Find the number of combinations of the for objects ABCD take

Find the number of combinations of the for objects A,B,C,D taken three at a time . How many committees of three can be formed from eight people.

Solution

We\'ll write the formula of the combination of n elements taken k at a time:

C(n,r) = n!/k!(n-k)!

We\'ll establish that each combination consists of 3 objects.

We\'ll have 3! permutations of objects in the combination.

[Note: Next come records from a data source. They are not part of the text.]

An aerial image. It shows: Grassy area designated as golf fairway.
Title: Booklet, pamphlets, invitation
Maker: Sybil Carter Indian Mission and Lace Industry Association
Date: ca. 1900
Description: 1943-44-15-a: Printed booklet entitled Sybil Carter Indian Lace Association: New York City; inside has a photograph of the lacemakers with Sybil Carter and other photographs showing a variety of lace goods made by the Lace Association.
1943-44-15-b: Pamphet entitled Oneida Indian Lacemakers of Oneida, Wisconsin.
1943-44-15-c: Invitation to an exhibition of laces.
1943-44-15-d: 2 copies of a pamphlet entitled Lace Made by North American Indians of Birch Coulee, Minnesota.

We\'ll note the permutation as P.

P = 3!

P = 1*2*3

P = 6

The number of combinations will be multiplied by 3!:

C(4,3) = P(4,3)/3!

P(4,3) = 4*3*2

P(4,3) = 24

C(4,3) = 24/6

C(4,3) = 4

The possible combinations are:

C(4,3) = {abc , abd , acd , bcd}

To determine the number of committees of three that can be formed from eight people, we\'ll apply the combination formula:

C(8,3) = 8!/3!(8-3)!

C(8,3) = 8!/3!*5!

But 8! = 5!*6*7*8

3! = 1*2*3

C(8,3) = 5!*6*7*8/1*2*3*5!

We\'ll simplify and we\'ll get:

C(8,3) = 7*8/1

C(8,3) = 56 committees of three that can be formed from eight people.